I'm having a hard time reconciling what I remember about Aleppo and what I have been reading about the city recently; an article in The Week called "Life Under the Caliphate" describes the some of the things happening in the region, which is mainly under control of ISIS:
1) unIslamic activities-- smoking, listening to music, wearing hair gel-- are punished by flogging, execution, and amputation;
2) there is video footage of gay men being thrown off tall buildings to their deaths;
3) Jews and Christians are given the choice to convert or die;
4) public executions and floggings happen nearly every day;
5) an ISIS pamphlet from Aleppo lists some crimes and punishments . . . drinking alcohol is 80 lashes, as is slander, spying for infidels and renouncing Islam both result in death;
6) women may marry at age 9 and should be married by age 16, and they must wear two heavy robes to conceal their figure . . .
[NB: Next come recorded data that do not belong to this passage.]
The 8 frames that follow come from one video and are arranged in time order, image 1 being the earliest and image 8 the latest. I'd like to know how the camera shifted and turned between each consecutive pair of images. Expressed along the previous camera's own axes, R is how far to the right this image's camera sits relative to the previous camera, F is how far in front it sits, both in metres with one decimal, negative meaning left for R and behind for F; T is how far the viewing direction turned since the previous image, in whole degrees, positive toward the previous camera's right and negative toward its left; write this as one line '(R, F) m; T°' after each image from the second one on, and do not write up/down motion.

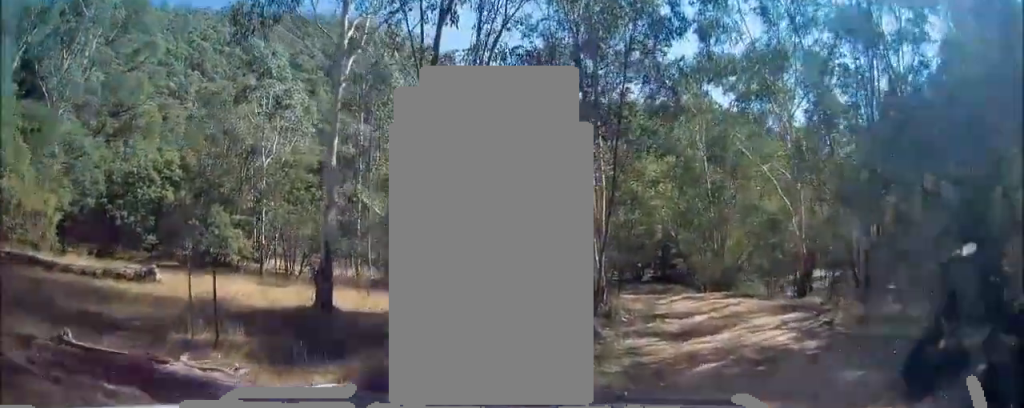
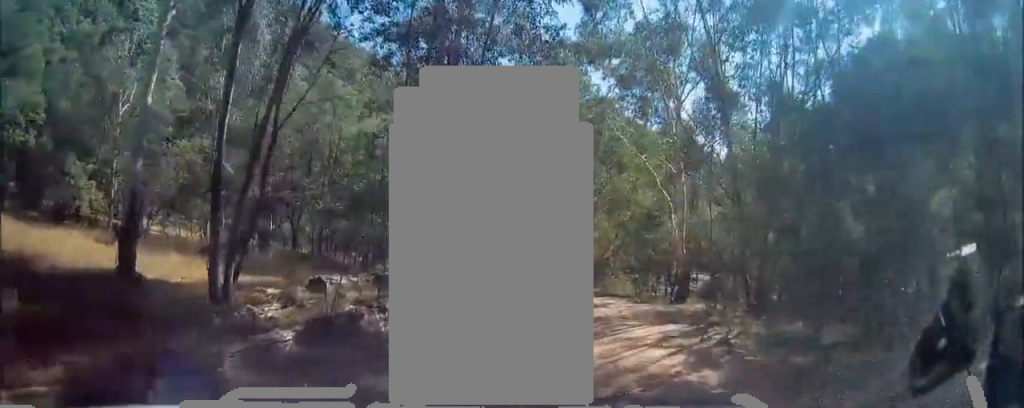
(0.0, +2.8) m; -2°
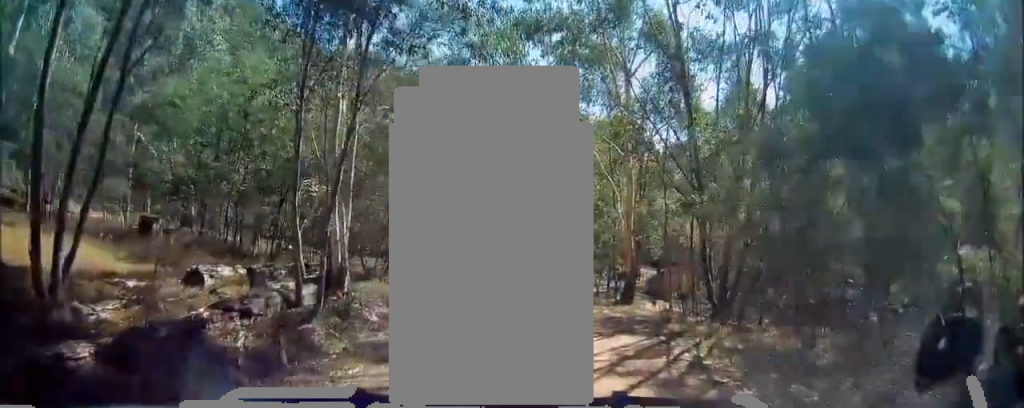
(-0.1, +3.0) m; -2°
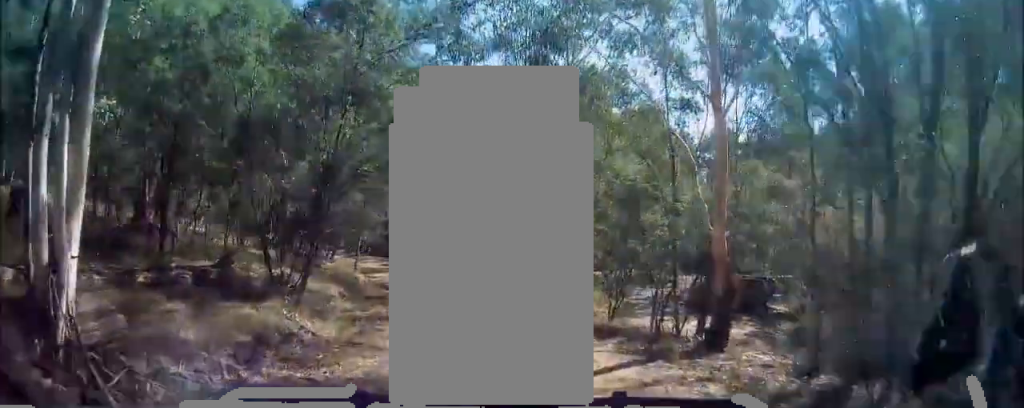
(-0.5, +6.0) m; -5°
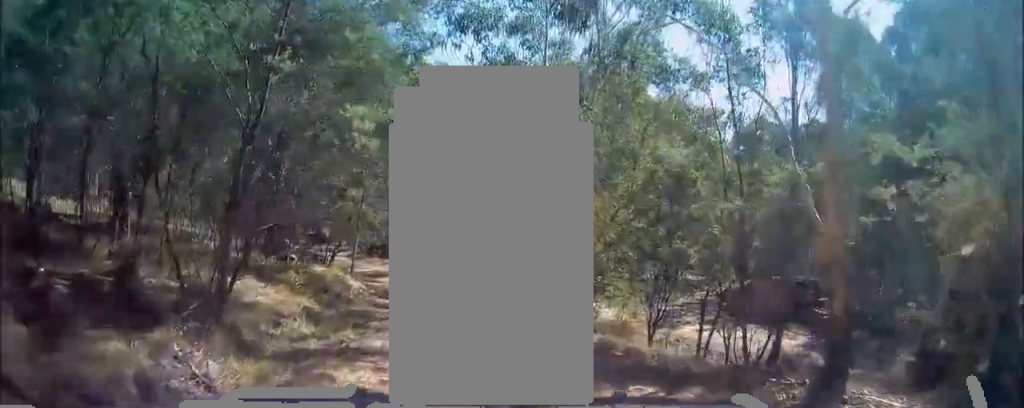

and so I went back to the email updates that I sent from when I lived in Syria (200-2003) and looked at some of my recollections from our various trips to the city and surrounding regions;
1) we wandered through the Dead Cities, abandoned Byzantine olive-oil towns in the hills just outside of the city;
2) we watched Embassy folk collect ancient pottery shards at various tells and middens;
3) we stayed at the Baron Hotel-- the spooky but notable spot where Agathie Christie wrote "Murder on the Orient Express"-- drinking beer at the bar is right out of The Shining (but apparently, the place is closed down now):
4) our Syrian friend Yara told us tales of covered women in Aleppo that openly took lesbian lovers and I wrote a treatment for an erotic Syrian film:
the taciturn husband warns his wife not to leave the house for any reason, and then goes to play backgammon with his friends . . . a woman covered in black from head to toe shows up at the door, and the lady of the house invites her in for tea . . . she lifts her veil and gives her host a long concupiscent look . . . soon enough she’s shedding her robe, and there’s nothing underneath . . .
5) we ate-- notably at the Beit Sissi-- drank, wandered the city and the region, were mobbed by Syrian children who treated us like rock stars, took tours with our favorite guide in the Middle East-- Jihad-- and generally felt like we were on vacation . . . Aleppo always seemed a little less oppressive and a little more Western than Damascus, a little more like Turkey . . . but apparently those days are gone, and I'm having a hard time wrapping my head around this (I also read that ISIS beheaded the antiquities expert for Palmyra-- the spectacular Roman city in the Syrian desert-- because he refused to reveal where valuable artifacts were hidden . . . ISIS considers preserving ancient artifacts "akin to idol worship and punishable by death" and when they say that, apparently they aren't kidding . . . if you've got a strong stomach, you can watch ISIS sponsored beheadings all day on the internet, even some done by children . . . this really diminishes my concern over my basement beer fridge, which has lost it's ability to chill beer-- though the freezer is still fully operational-- at first I thought it was a crisis, but then I read about this stuff, and now it doesn't seem all that significant).
3 comments:
i didn't see that ending coming. and i can't even imagine the dissonance between then and now.
i know-- it's crazy . . . but sometimes a beer fridge just stops working, and you've got to move on with your life.
Is that a ghost in the picture of the hotel? Jack Torrance?